The drivers of vulnerability in Bangladesh are complex. For example, communities in the chars and flood-prone areas are so exposed to flooding because they have settled on floodplains, driven by extremely high population density. Bangladesh is approximately the size of the State of New York with more than half the population of the United States. As a result, land is scarce, and particularly poorer households find themselves settling on the precarious, yet highly fertile, land of the floodplains.
Although flooding is a prevalent feature of the Bangladesh landscape, much remains to be done to enhance the resilience and address the vulnerabilities of the country’s population. It should also be noted that although flooding is a natural process in Bangladesh and that development programmes should not rely on climate reductive narratives to aim to entirely obstruct them. Furthermore, climate change does seem to be having some impacts on flooding and rainfall variability during the monsoon season in Bangladesh. For example, the seasonality of monsoon rainfall seems to be undergoing some changes, with heavier rains being seen particularly in the pre-monsoon season and less rainfall during the peak (June) monsoon season; this could have considerable effects on agriculture and livelihoods in the country. Further changes are likely to materialise as climate change progresses. The proportion of annual flood-affected area also appears to be increasing, as seen in Figure 1 (B). Considering the correlation between economic loss and the percentage of the area affected, this underlines the urgent need to build resilience to flooding that should take into account of the spatial variability as ‘one size fits all solution’ may lead to maladaptation to climate change.

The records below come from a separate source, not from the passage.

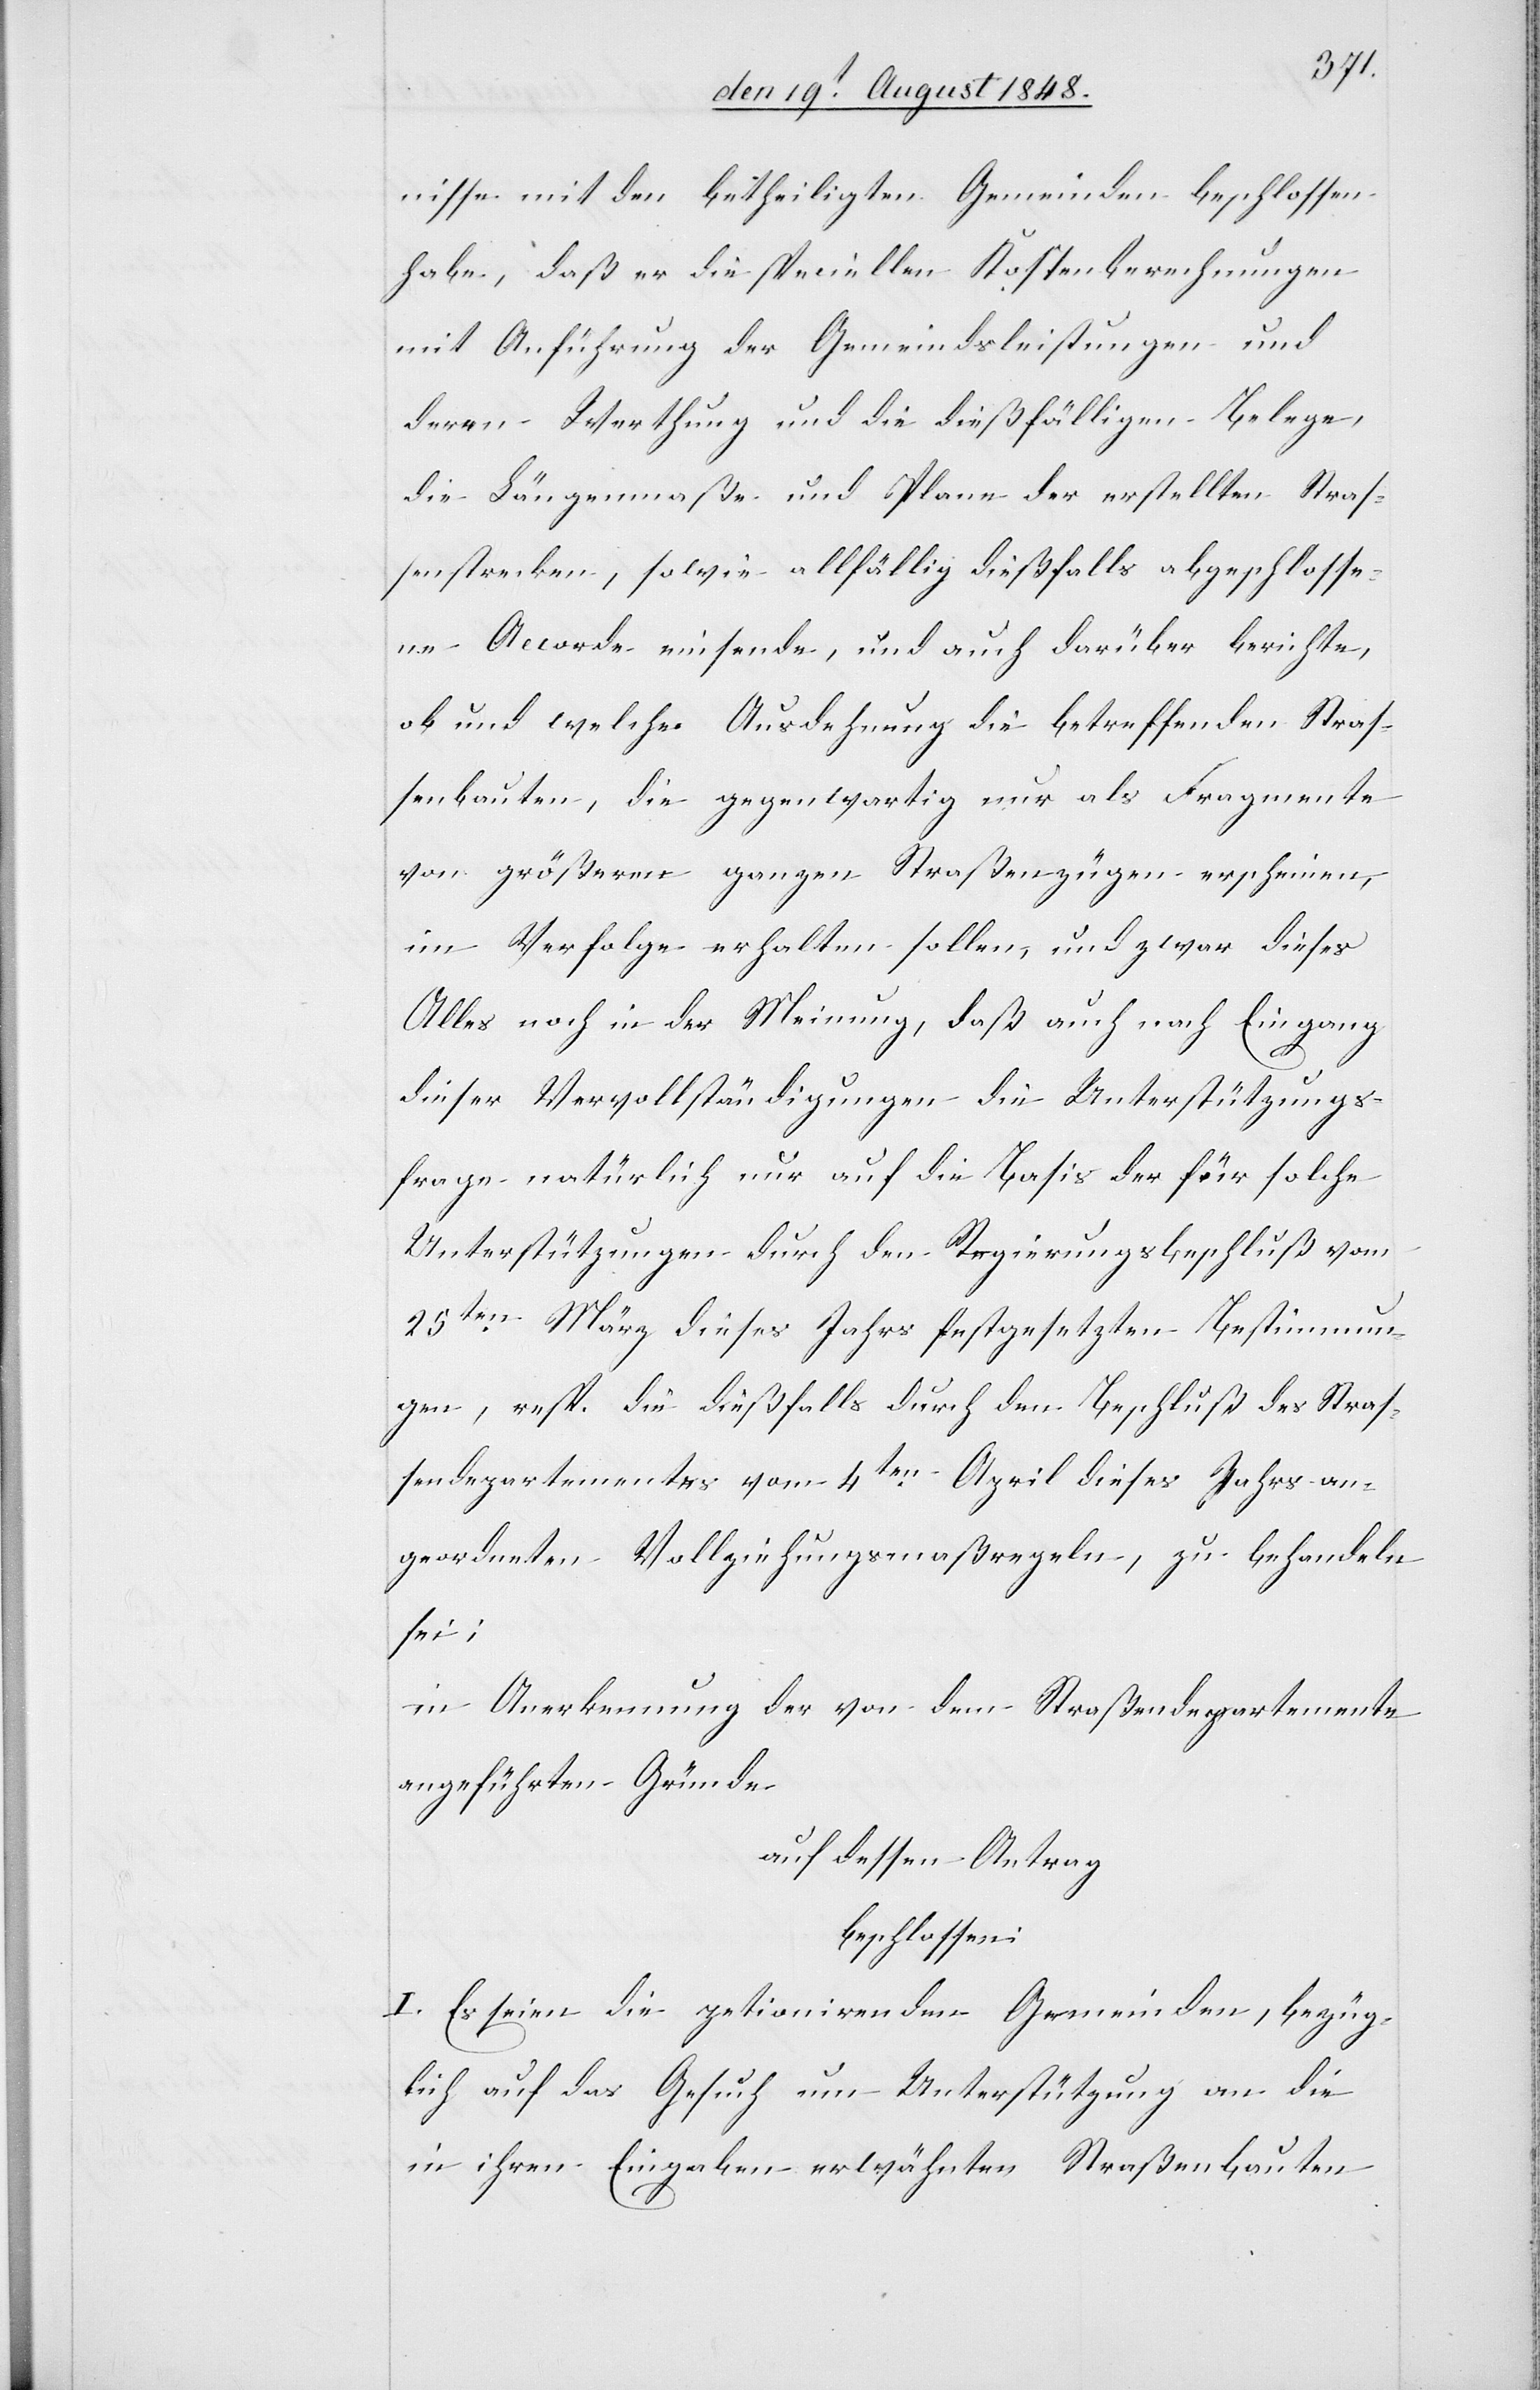
nisse mit den betheiligten Gemeinden beschlossen
habe, daß er die speciellen Kostenberechnungen
mit Anführung der Gemeindsleistungen und
deren Werthung und die dießfälligen Belege,
die Längenmaße und Plane der erstellten Straß¬
enstrecken, sowie allfällig dießfalls abgeschlosse¬
ne Accorde einsende, und auch darüber berichte,
ob und welche Ausdehnung die betreffenden Straß¬
enbauten, die gegenwartig [sic!] nur als Fragmente
von größern ganzen Straßenzügen erscheinen,
im Verfolge erhalten sollen, und zwar dieses
Alles noch in der Meinung, daß auch nach Eingang
dieser Vervollständigungen die Unterstützungs¬
frage natürlich nur auf die Basis der für solche
Unterstützungen durch den Regierungsbeschluß vom
25ten März dieses Jahres festgesetzten Bestimmun¬
gen, resp. die dießfalls durch den Beschluß des Straß¬
endepartementes vom 4ten April dieses Jahres an¬
geordneten Vollziehungsmaßregeln, zu behandeln
sei;
in Anerkennung der von dem Straßendepartemente
angeführten Gründe
auf dessen Antrag
beschlossen:
I. Es seien die petionirenden Gemeinden, bezüg¬
lich auf das Gesuch um Unterstützung an die
in ihren Eingaben erwähnten Straßenbauten

As it stands, considerable sections of the population of Bangladesh remain trapped in a vicious cycle of high exposure and vulnerability, flooding, and poverty, which in turn exacerbates exposure and vulnerability. To begin to truly address the social, economic, and developmental challenges brought by floods, underlying structures of poverty and inequality must be addressed. Any approach to flood mitigation in the country that fails to reckon with the flood risk framework – specifically vulnerability and exposure – will fall short of preventing flood damage to communities and economic losses.
MAPS Faculty summer interns, Jasmine Andean (Global Humanitarian Studies BSc alumna) and Siyao Li (Second-year Arts and Sciences BASc student) have been supervised by Dr Mohammad (Shams) Shamsudduha, UCL Department of Risk and Disaster Reduction.
The views expressed in this blog are those of the author(s).